==== DATASET ENTRIES

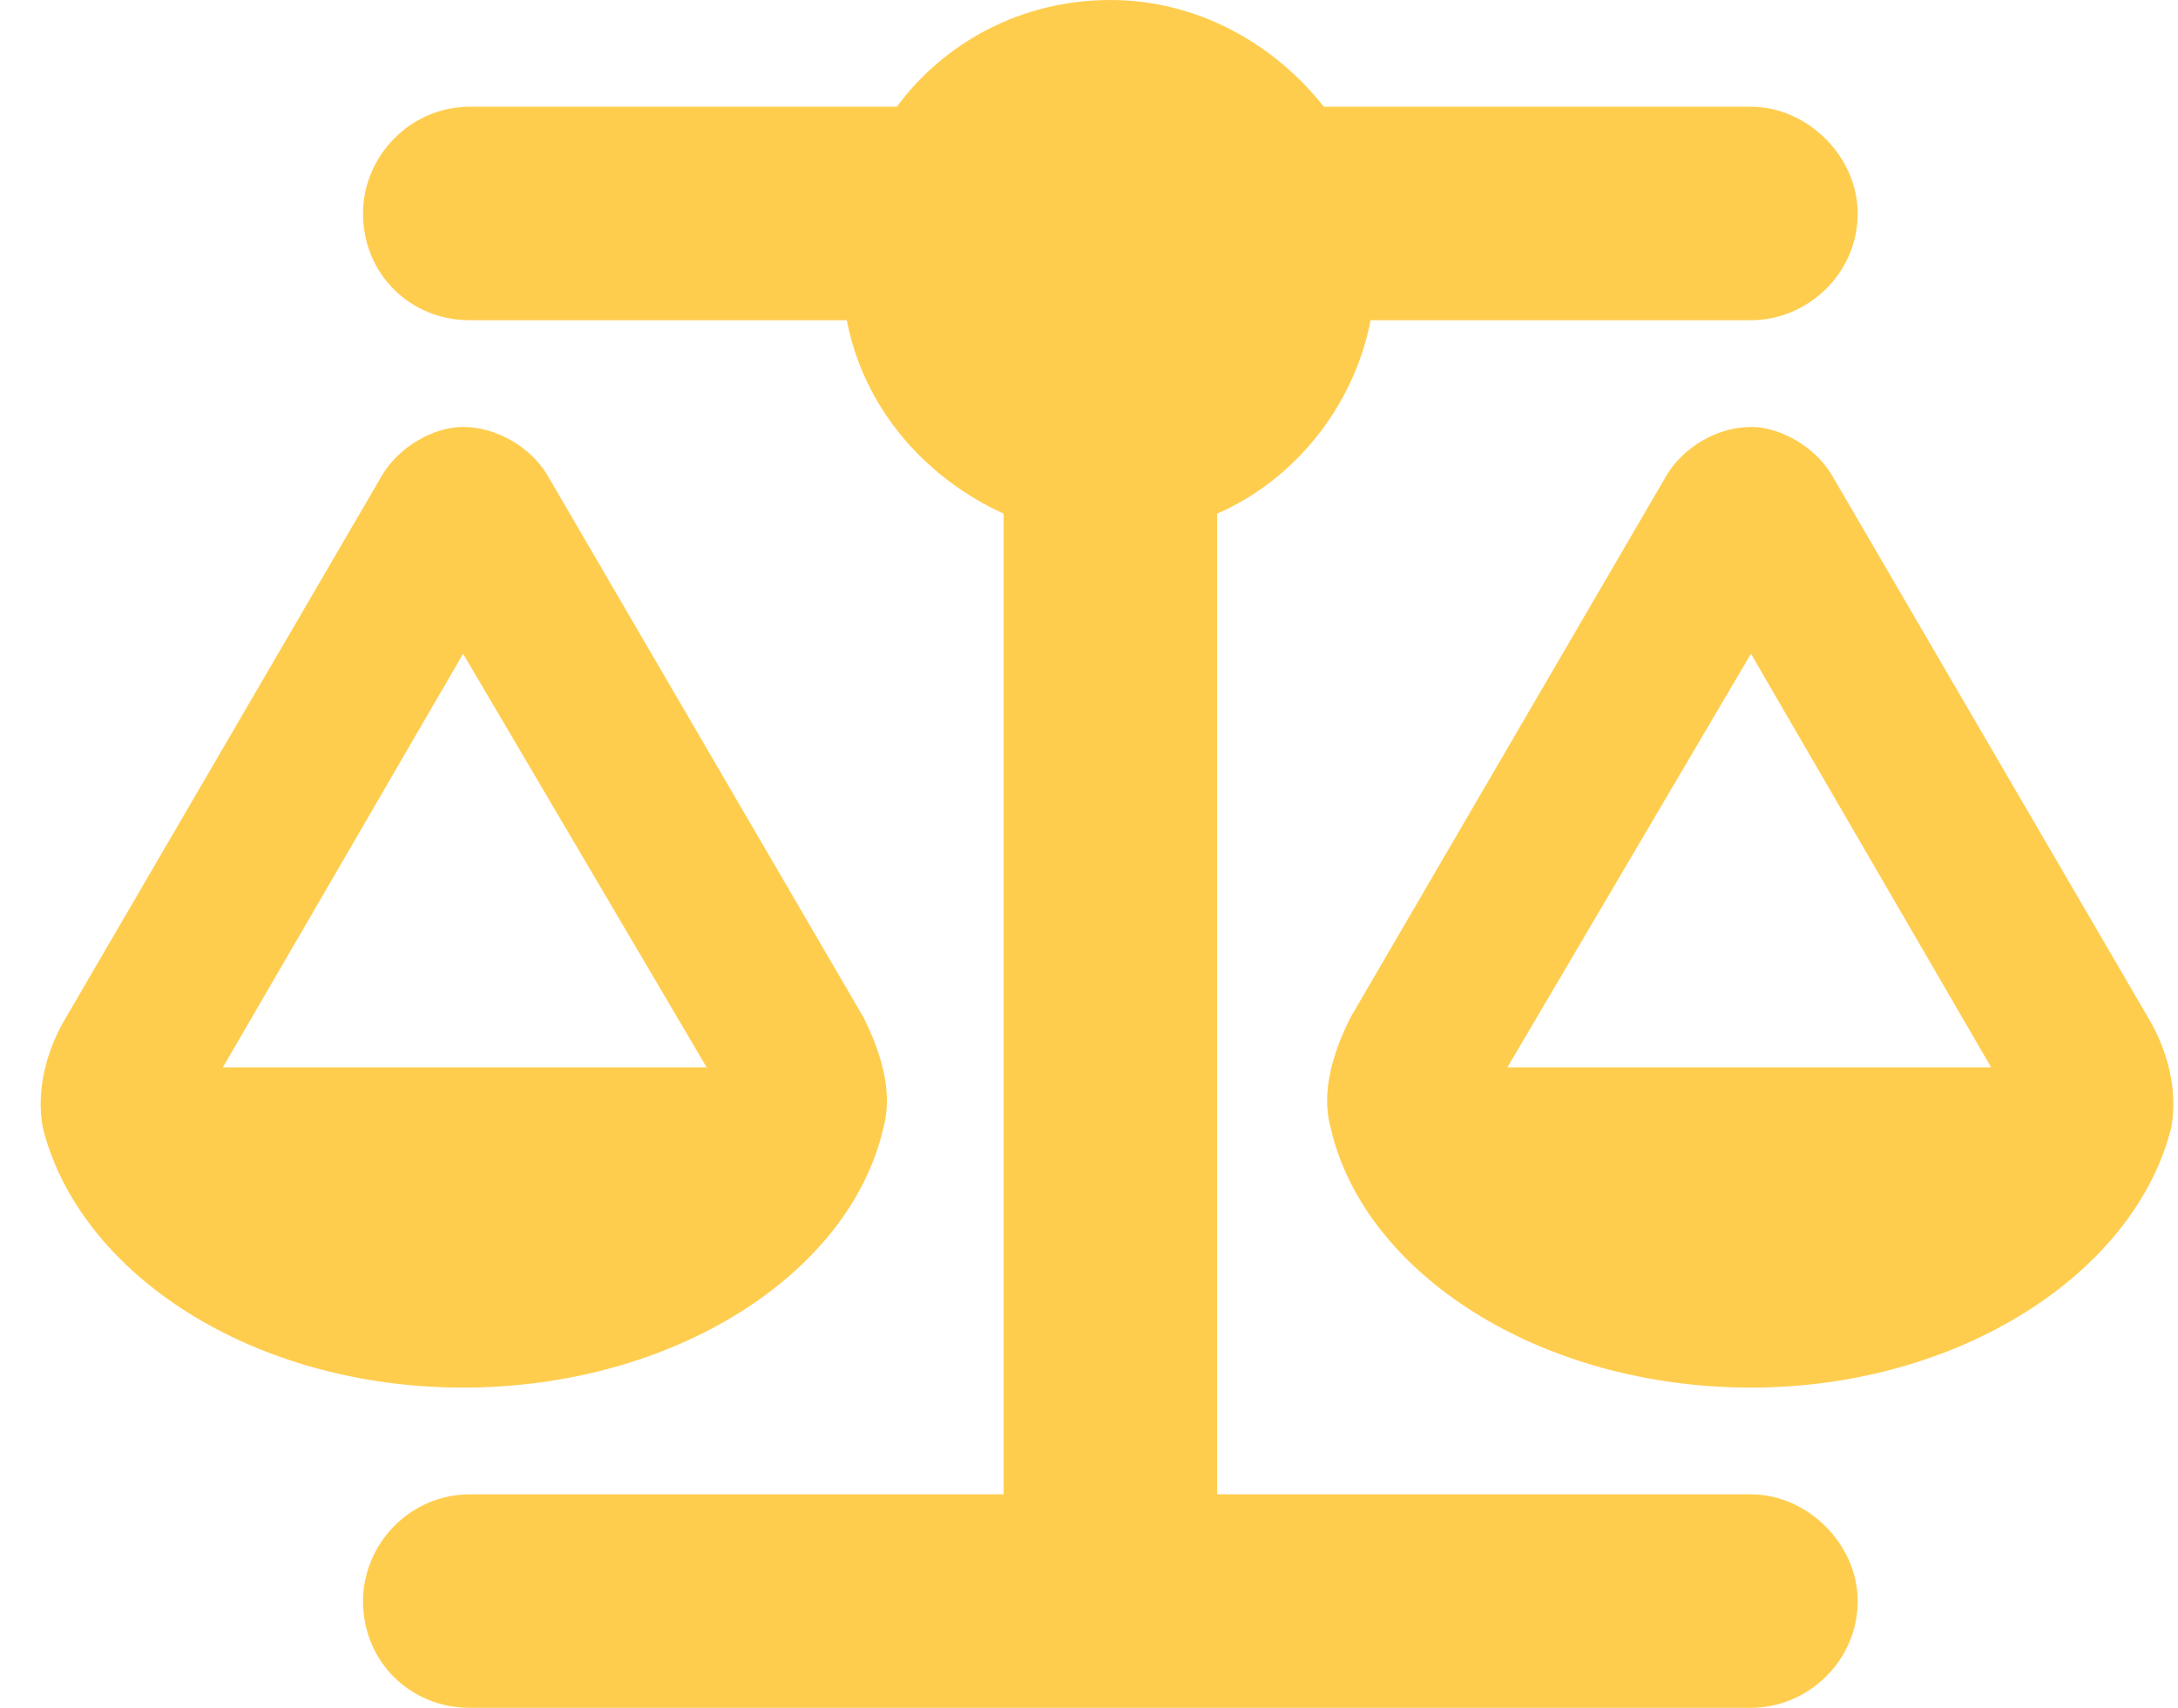 <svg width="51" height="40" viewBox="0 0 51 40" fill="none" xmlns="http://www.w3.org/2000/svg">
<path d="M31 2.5H41C42.328 2.5 43.5 3.672 43.5 5C43.5 6.406 42.328 7.5 41 7.5H32.094C31.703 9.531 30.297 11.25 28.5 12.031V35H41C42.328 35 43.5 36.172 43.5 37.5C43.5 38.906 42.328 40 41 40H26H11C9.594 40 8.5 38.906 8.5 37.5C8.5 36.172 9.594 35 11 35H23.5V12.031C21.625 11.172 20.219 9.531 19.828 7.5H11C9.594 7.5 8.5 6.406 8.5 5C8.5 3.672 9.594 2.5 11 2.5H21C22.094 1.016 23.891 0 26 0C28.031 0 29.828 1.016 31 2.5ZM35.297 25H46.625L41 15.312L35.297 25ZM41 32.5C36.078 32.5 31.938 29.844 31.156 26.406C30.922 25.547 31.234 24.609 31.625 23.828L39.047 11.094C39.438 10.469 40.219 10 41 10C41.703 10 42.484 10.469 42.875 11.094L50.297 23.828C50.766 24.609 51 25.547 50.844 26.406C49.984 29.844 45.844 32.5 41 32.5ZM10.844 15.312L5.219 25H16.547L10.844 15.312ZM1 26.406C0.844 25.547 1.078 24.609 1.547 23.828L8.969 11.094C9.359 10.469 10.141 10 10.844 10C11.625 10 12.406 10.469 12.797 11.094L20.219 23.828C20.609 24.609 20.922 25.547 20.688 26.406C19.906 29.844 15.766 32.5 10.844 32.5C5.922 32.5 1.859 29.844 1 26.406Z" fill="#FFCD4E"/>
</svg>
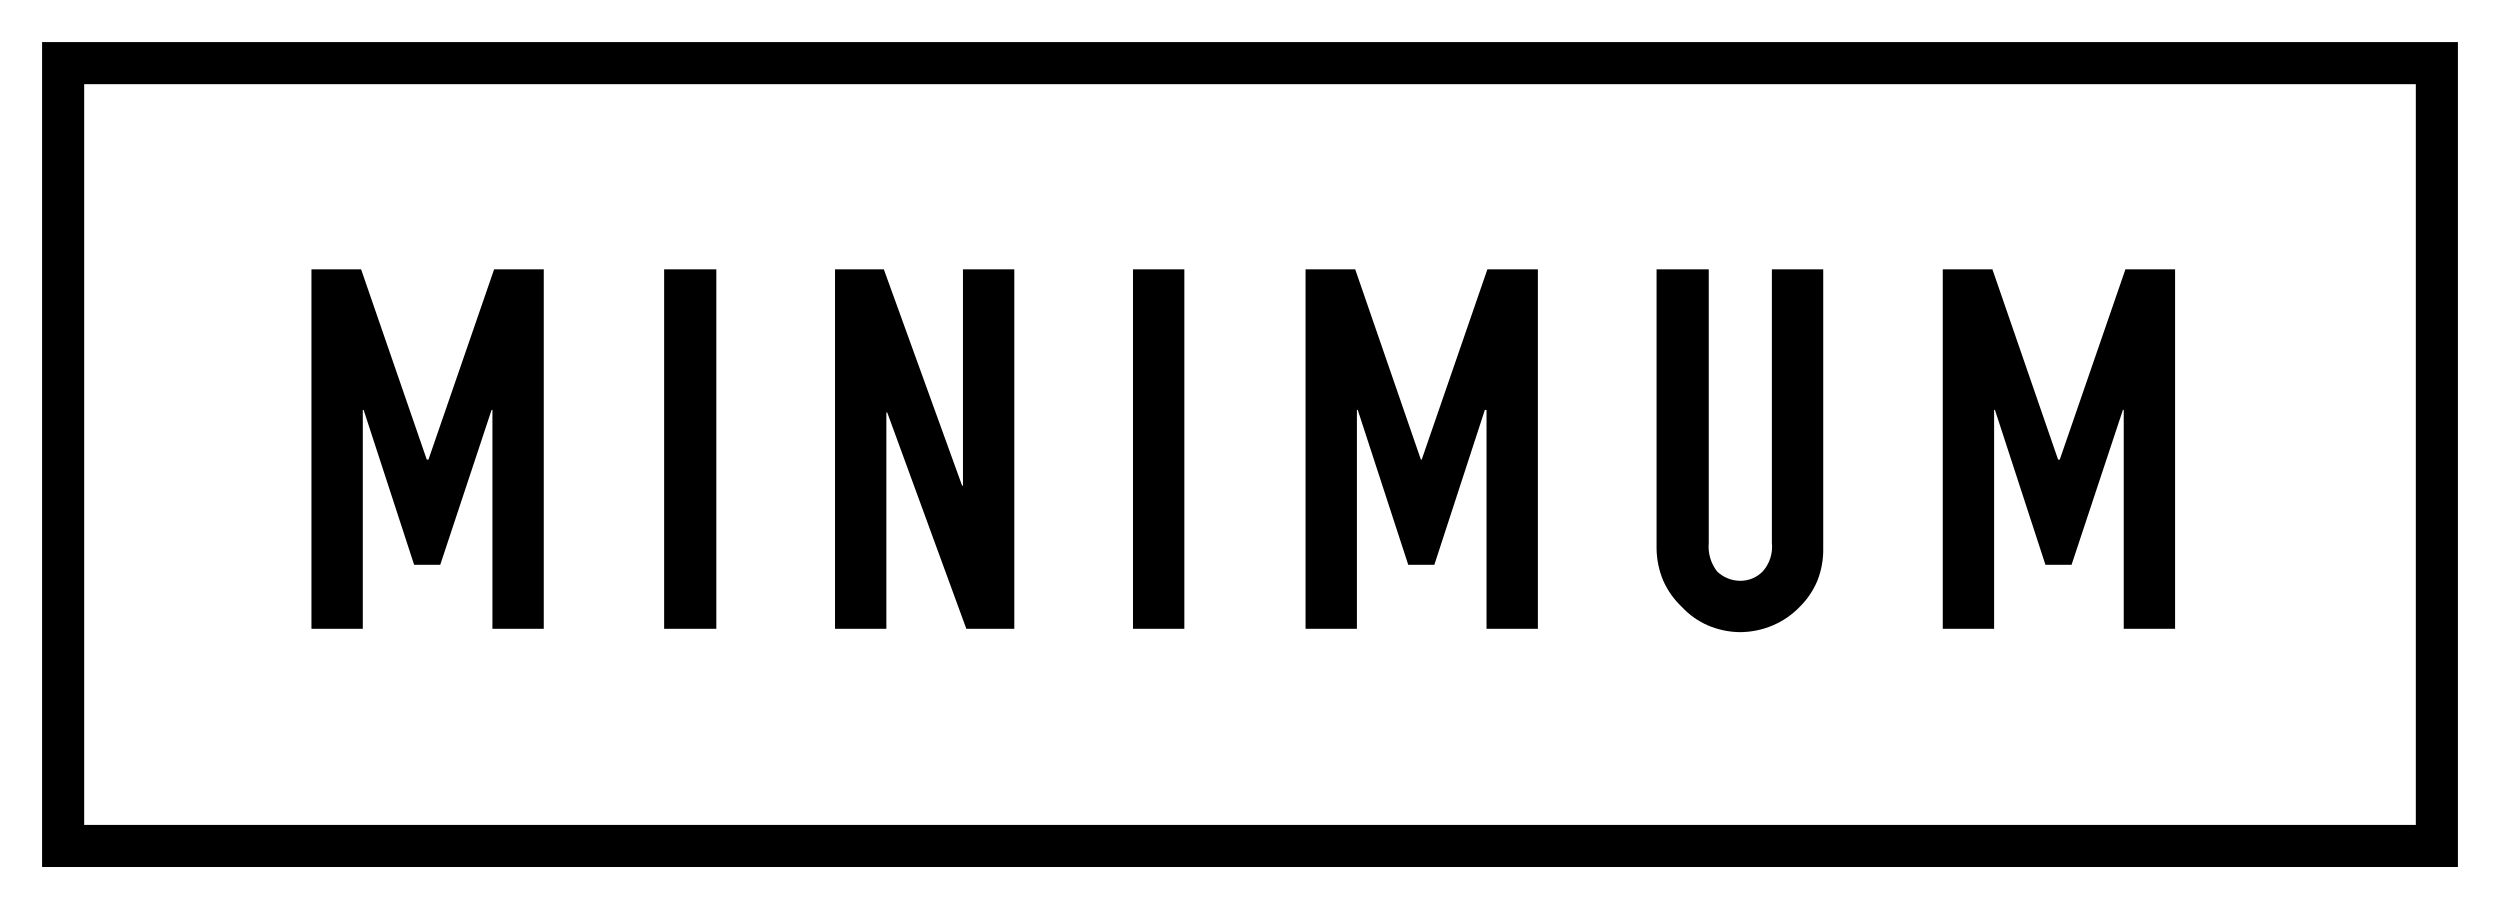 <svg xmlns="http://www.w3.org/2000/svg" xmlns:xlink="http://www.w3.org/1999/xlink" viewBox="0 0 297 108">
  <defs>
    <clipPath id="a" transform="translate(5 5)">
      <path d="M0,0H287V98H0ZM5,5V93H282V5Z" fill="none"/>
    </clipPath>
    <clipPath id="b" transform="translate(5 5)">
      <rect x="-107" y="-76" width="500" height="500" fill="none"/>
    </clipPath>
    <clipPath id="c" transform="translate(5 5)">
      <path d="M225.8,69.7V27h5.9l7.8,22.6h.2L247.5,27h5.9V69.7h-6.1v-26h-.1l-6.1,18.4H238l-6-18.4h-.1v26ZM211.6,27V60.1a10,10,0,0,1-.7,3.9,9.5,9.5,0,0,1-2.1,3.1,9.7,9.7,0,0,1-3.2,2.2,10.1,10.1,0,0,1-3.9.8,10,10,0,0,1-3.8-.8,9.3,9.3,0,0,1-3.1-2.2,9.7,9.7,0,0,1-2.2-3.1,10.1,10.1,0,0,1-.8-3.9V27H198V59.5a4.8,4.8,0,0,0,1,3.4,4,4,0,0,0,2.7,1.1,3.7,3.7,0,0,0,2.7-1.1,4.4,4.4,0,0,0,1.1-3.4V27ZM150.1,69.7V27H156l7.8,22.6h.1L171.7,27h6V69.7h-6.1v-26h-.2l-6,18.4h-3.1l-6-18.4h-.1v26Zm-20.5,0V27h6.1V69.7Zm-35.4,0V27H100l9.3,25.7h.1V27h6.1V69.7h-5.7L100.4,44h-.1V69.7Zm-20.3,0V27h6.2V69.7ZM32,69.7V27h5.9l7.8,22.6h.2L53.7,27h5.9V69.7H53.5v-26h-.1L47.3,62.1H44.2l-6-18.4h-.1v26Z" fill="none" clip-rule="evenodd"/>
    </clipPath>
  </defs>
  <g>
    <g clip-path="url(#a)">
      <g clip-path="url(#b)">
        <rect width="297" height="108"/>
      </g>
    </g>
    <g clip-path="url(#c)">
      <g clip-path="url(#b)">
        <rect x="32" y="27" width="231.4" height="53.08"/>
      </g>
    </g>
  </g>
</svg>

========

TASK PROMPT -
Give back all the records as they stand, but with no pictures in the copy.

FINISHED EXERCISE -
 <svg width="51" height="40" viewBox="0 0 51 40" fill="none" xmlns="http://www.w3.org/2000/svg">
<path d="M31 2.5H41C42.328 2.5 43.5 3.672 43.5 5C43.5 6.406 42.328 7.5 41 7.5H32.094C31.703 9.531 30.297 11.25 28.5 12.031V35H41C42.328 35 43.5 36.172 43.5 37.5C43.5 38.906 42.328 40 41 40H26H11C9.594 40 8.5 38.906 8.5 37.5C8.5 36.172 9.594 35 11 35H23.5V12.031C21.625 11.172 20.219 9.531 19.828 7.5H11C9.594 7.5 8.5 6.406 8.5 5C8.5 3.672 9.594 2.5 11 2.5H21C22.094 1.016 23.891 0 26 0C28.031 0 29.828 1.016 31 2.5ZM35.297 25H46.625L41 15.312L35.297 25ZM41 32.5C36.078 32.5 31.938 29.844 31.156 26.406C30.922 25.547 31.234 24.609 31.625 23.828L39.047 11.094C39.438 10.469 40.219 10 41 10C41.703 10 42.484 10.469 42.875 11.094L50.297 23.828C50.766 24.609 51 25.547 50.844 26.406C49.984 29.844 45.844 32.5 41 32.5ZM10.844 15.312L5.219 25H16.547L10.844 15.312ZM1 26.406C0.844 25.547 1.078 24.609 1.547 23.828L8.969 11.094C9.359 10.469 10.141 10 10.844 10C11.625 10 12.406 10.469 12.797 11.094L20.219 23.828C20.609 24.609 20.922 25.547 20.688 26.406C19.906 29.844 15.766 32.5 10.844 32.5C5.922 32.5 1.859 29.844 1 26.406Z" fill="#FFCD4E"/>
</svg>
 <svg xmlns="http://www.w3.org/2000/svg" xmlns:xlink="http://www.w3.org/1999/xlink" viewBox="0 0 297 108">
  <defs>
    <clipPath id="a" transform="translate(5 5)">
      <path d="M0,0H287V98H0ZM5,5V93H282V5Z" fill="none"/>
    </clipPath>
    <clipPath id="b" transform="translate(5 5)">
      <rect x="-107" y="-76" width="500" height="500" fill="none"/>
    </clipPath>
    <clipPath id="c" transform="translate(5 5)">
      <path d="M225.8,69.7V27h5.9l7.8,22.6h.2L247.5,27h5.9V69.7h-6.1v-26h-.1l-6.1,18.4H238l-6-18.4h-.1v26ZM211.6,27V60.1a10,10,0,0,1-.7,3.9,9.5,9.5,0,0,1-2.1,3.1,9.7,9.7,0,0,1-3.2,2.2,10.1,10.1,0,0,1-3.9.8,10,10,0,0,1-3.8-.8,9.3,9.3,0,0,1-3.1-2.2,9.7,9.7,0,0,1-2.2-3.1,10.1,10.1,0,0,1-.8-3.9V27H198V59.5a4.8,4.8,0,0,0,1,3.4,4,4,0,0,0,2.7,1.1,3.7,3.7,0,0,0,2.7-1.1,4.4,4.4,0,0,0,1.1-3.4V27ZM150.1,69.7V27H156l7.8,22.6h.1L171.7,27h6V69.7h-6.1v-26h-.2l-6,18.4h-3.1l-6-18.4h-.1v26Zm-20.5,0V27h6.1V69.7Zm-35.4,0V27H100l9.3,25.7h.1V27h6.1V69.7h-5.7L100.4,44h-.1V69.7Zm-20.3,0V27h6.2V69.7ZM32,69.7V27h5.9l7.8,22.6h.2L53.7,27h5.9V69.7H53.5v-26h-.1L47.3,62.1H44.2l-6-18.4h-.1v26Z" fill="none" clip-rule="evenodd"/>
    </clipPath>
  </defs>
  <g>
    <g clip-path="url(#a)">
      <g clip-path="url(#b)">
        <rect width="297" height="108"/>
      </g>
    </g>
    <g clip-path="url(#c)">
      <g clip-path="url(#b)">
        <rect x="32" y="27" width="231.4" height="53.08"/>
      </g>
    </g>
  </g>
</svg>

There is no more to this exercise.